*** DATASET ENTRIES ***

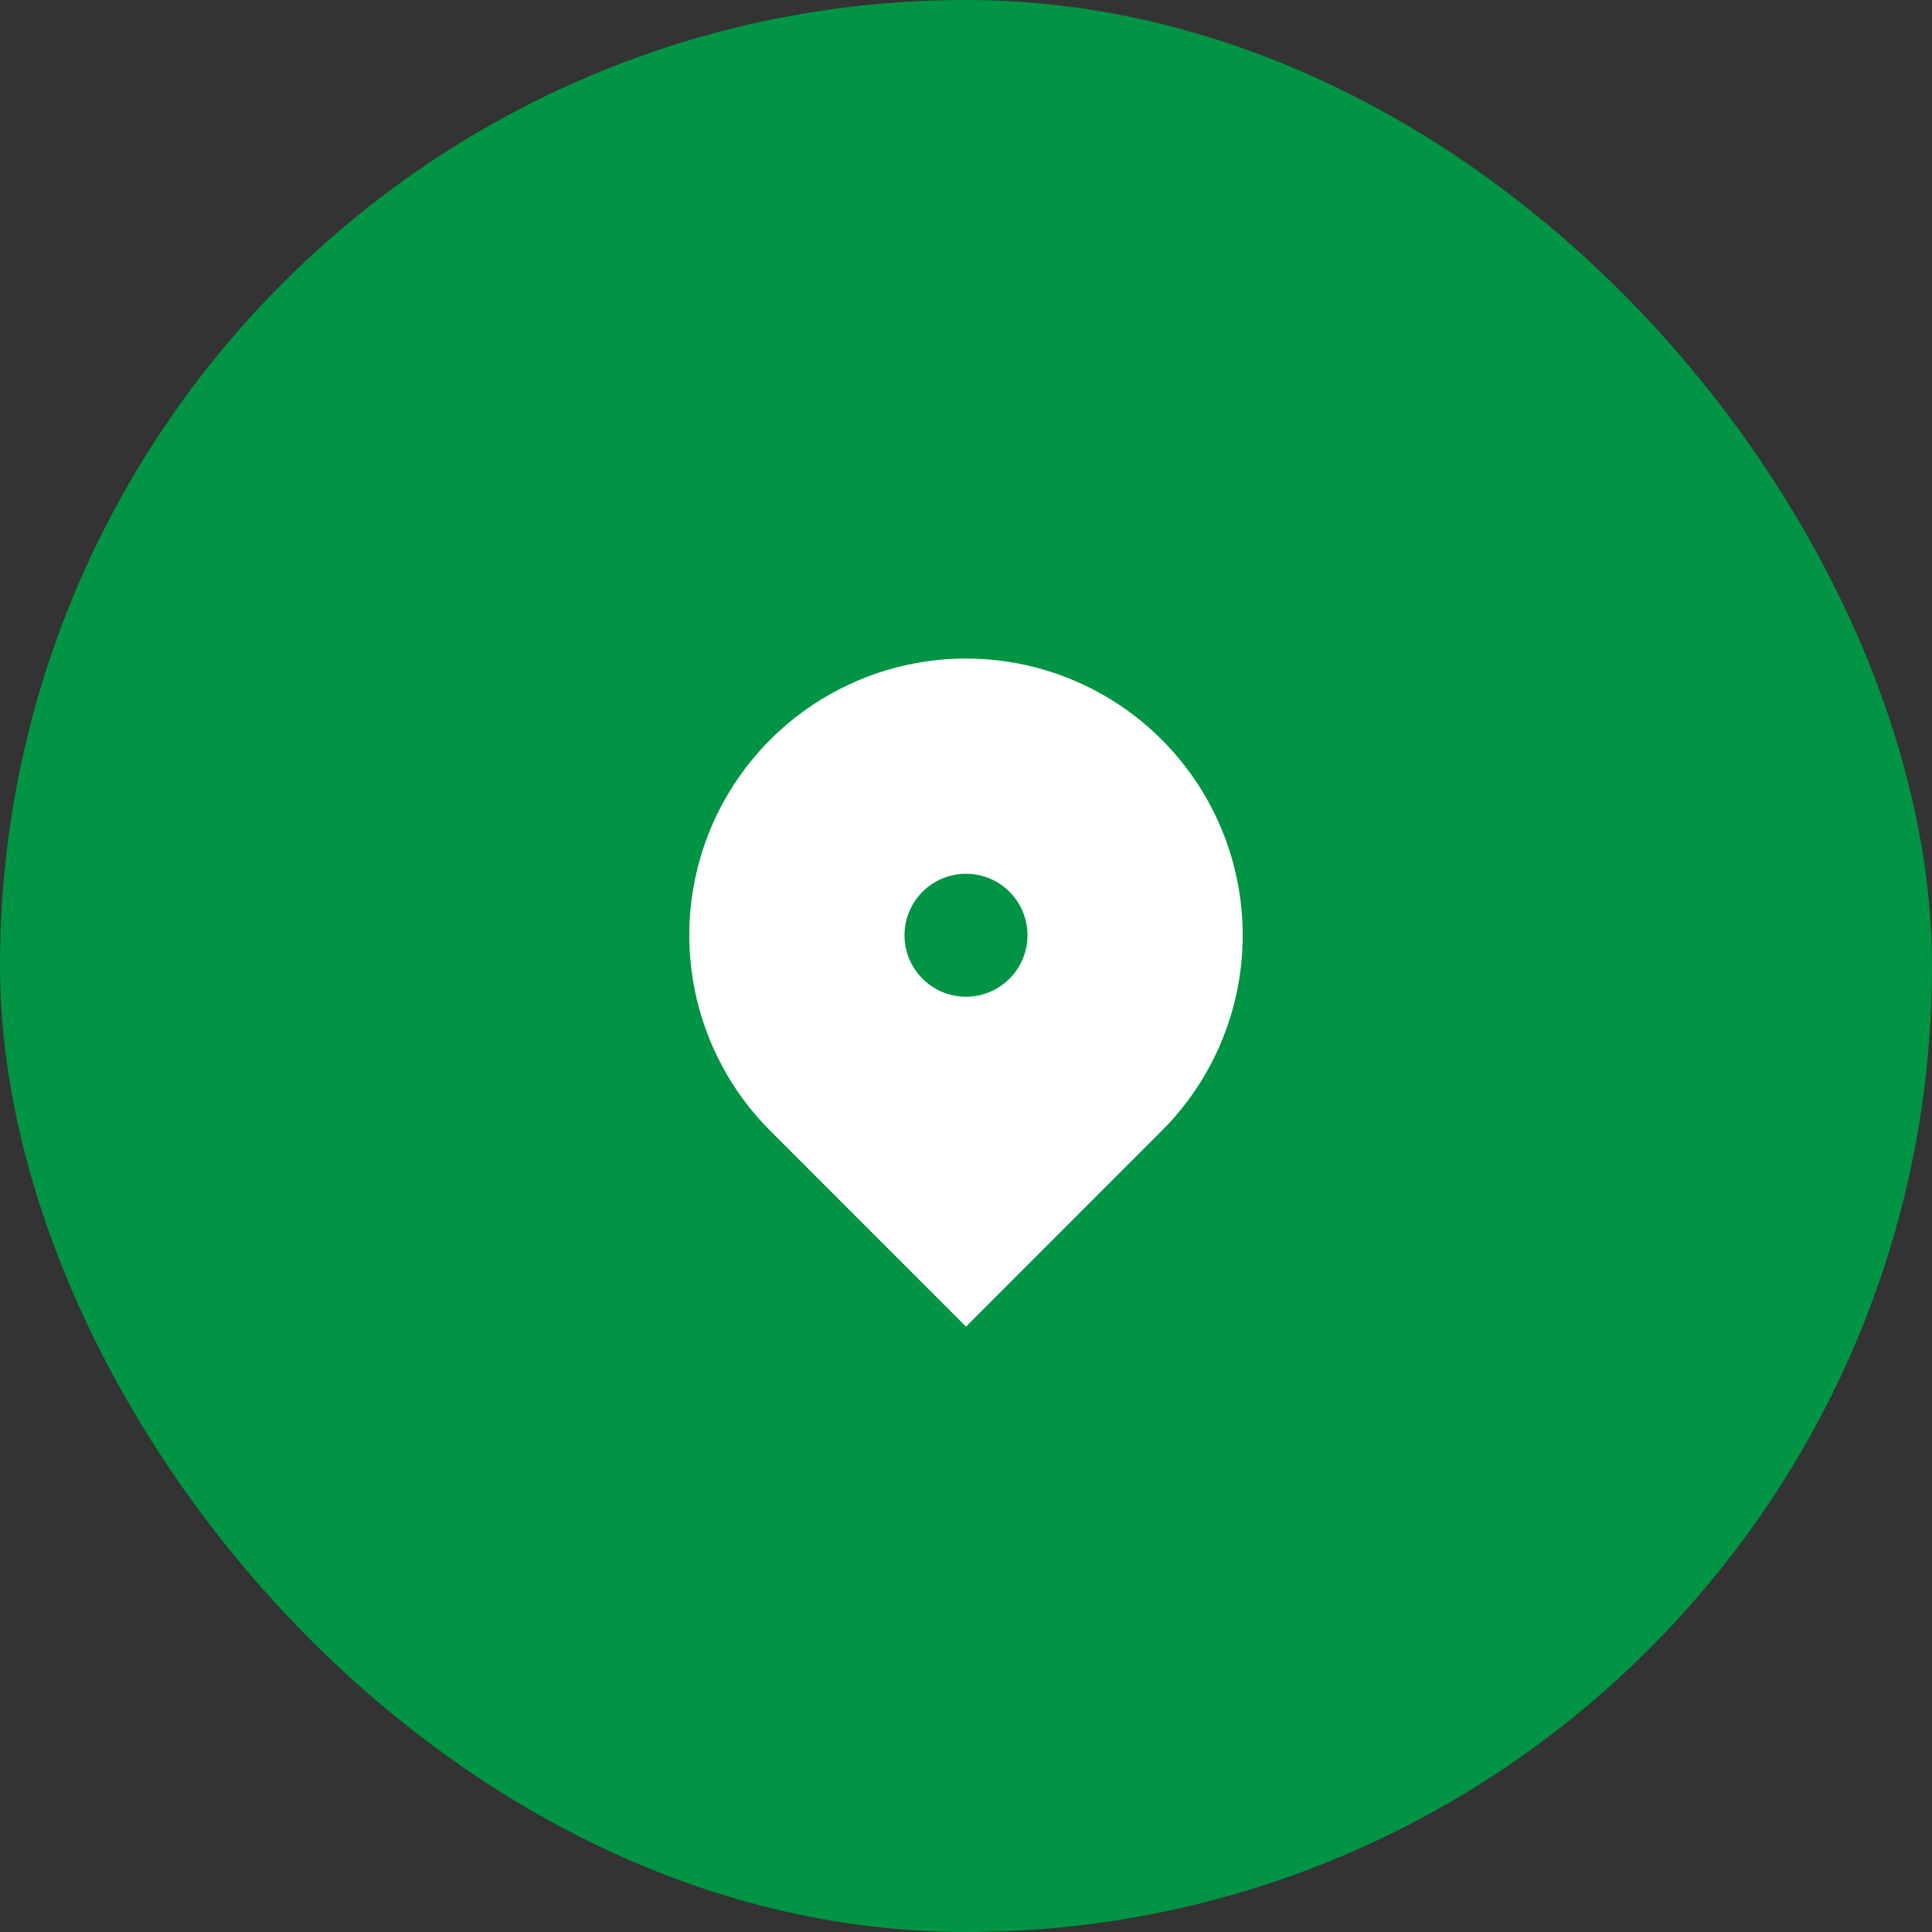 <svg width="48" height="48" viewBox="0 0 48 48" fill="none" xmlns="http://www.w3.org/2000/svg">
<rect x="0" y="0" width="48" height="48" fill="#333333" stroke="none"/>
<rect width="48" height="48" rx="24" fill="#009444"/>
<path d="M28.861 28.097L24 32.959L19.139 28.097C18.177 27.136 17.522 25.911 17.257 24.577C16.992 23.243 17.128 21.861 17.648 20.605C18.169 19.349 19.05 18.275 20.18 17.52C21.311 16.764 22.64 16.361 24 16.361C25.36 16.361 26.689 16.764 27.82 17.52C28.95 18.275 29.831 19.349 30.352 20.605C30.872 21.861 31.008 23.243 30.743 24.577C30.478 25.911 29.823 27.136 28.861 28.097ZM24 24.764C24.405 24.764 24.794 24.603 25.08 24.316C25.367 24.03 25.528 23.641 25.528 23.236C25.528 22.831 25.367 22.442 25.08 22.155C24.794 21.869 24.405 21.708 24 21.708C23.595 21.708 23.206 21.869 22.92 22.155C22.633 22.442 22.472 22.831 22.472 23.236C22.472 23.641 22.633 24.03 22.92 24.316C23.206 24.603 23.595 24.764 24 24.764Z" fill="white"/>
</svg>

*** End of DATASET ENTRIES ***

## WHAT YOU ARE ASKED TO DO
Reproduce the records in full, exactly as they appear, and show none of the pictures.

## PROBLEM SOLUTION
 <svg width="48" height="48" viewBox="0 0 48 48" fill="none" xmlns="http://www.w3.org/2000/svg">
<rect x="0" y="0" width="48" height="48" fill="#333333" stroke="none"/>
<rect width="48" height="48" rx="24" fill="#009444"/>
<path d="M28.861 28.097L24 32.959L19.139 28.097C18.177 27.136 17.522 25.911 17.257 24.577C16.992 23.243 17.128 21.861 17.648 20.605C18.169 19.349 19.05 18.275 20.18 17.52C21.311 16.764 22.64 16.361 24 16.361C25.36 16.361 26.689 16.764 27.82 17.52C28.95 18.275 29.831 19.349 30.352 20.605C30.872 21.861 31.008 23.243 30.743 24.577C30.478 25.911 29.823 27.136 28.861 28.097ZM24 24.764C24.405 24.764 24.794 24.603 25.08 24.316C25.367 24.03 25.528 23.641 25.528 23.236C25.528 22.831 25.367 22.442 25.08 22.155C24.794 21.869 24.405 21.708 24 21.708C23.595 21.708 23.206 21.869 22.92 22.155C22.633 22.442 22.472 22.831 22.472 23.236C22.472 23.641 22.633 24.03 22.92 24.316C23.206 24.603 23.595 24.764 24 24.764Z" fill="white"/>
</svg>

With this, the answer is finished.